Il esquissa une vague révérence dont le maniérisme laissait deviner la fausseté de ce geste de politesse soumise.
- « Vous menacez ma famille et vous espérez que je vous accorde hospitalité ?, répéta Regina dans une grimace dédaigneuse.
- Cette sirène est de votre famille ?
- Restez tant que vous le souhaiterez mais au moindre problème, au moins doute, je vous tue. Vous rejoindrez les morts plus vite que vous ne le pensez. » conclut la Mairesse.
Hercule sourit et s'éloigna.
« Quel grossier personnage... », marmonna-t-elle.
Elle se tourna ensuite vers son fils et le sermonna :
- « Tu ne dois pas la chercher seule.
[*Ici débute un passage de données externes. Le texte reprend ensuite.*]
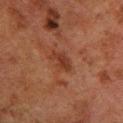  biopsy_status: not biopsied; imaged during a skin examination
  site: left lower leg
  lighting: cross-polarized
  lesion_size:
    long_diameter_mm_approx: 3.0
  patient:
    sex: male
    age_approx: 80
  image:
    source: total-body photography crop
    field_of_view_mm: 15

Elle détruit la ville à petit feu et n'hésite pas à s'en prendre à ceux qui croisent sa route. Tu ne peux pas la raisonner.
- Je le peux peut-être. Elle est la Sauveuse, peut-être qu'en lui rappelant, elle...
- Non. Elle n'est plus la Sauveuse.
- Elle doit toujours l'être, soutint Henry. C'est le seul moyen pour qu'elle redevienne elle-même. Elle doit se sauver elle-même.
- Elle n'est plus la Sauveuse, répéta Regina. Elle ne voulait plus l'être.
- Pourquoi ?
- Les statuts sont parfois lourds à porter. Ta mère a peut-être simplement voulu n'être qu'Emma pour une fois.
- C'est pour ça qu'elle a fait tout ça ? »
Henry fronça les sourcils et bien que suspicieux, il ne posa pas d'autres questions. Sa mère lui en était silencieusement reconnaissante. Si Emma n'avait plus voulu être elle-même, il y avait une raison à cela...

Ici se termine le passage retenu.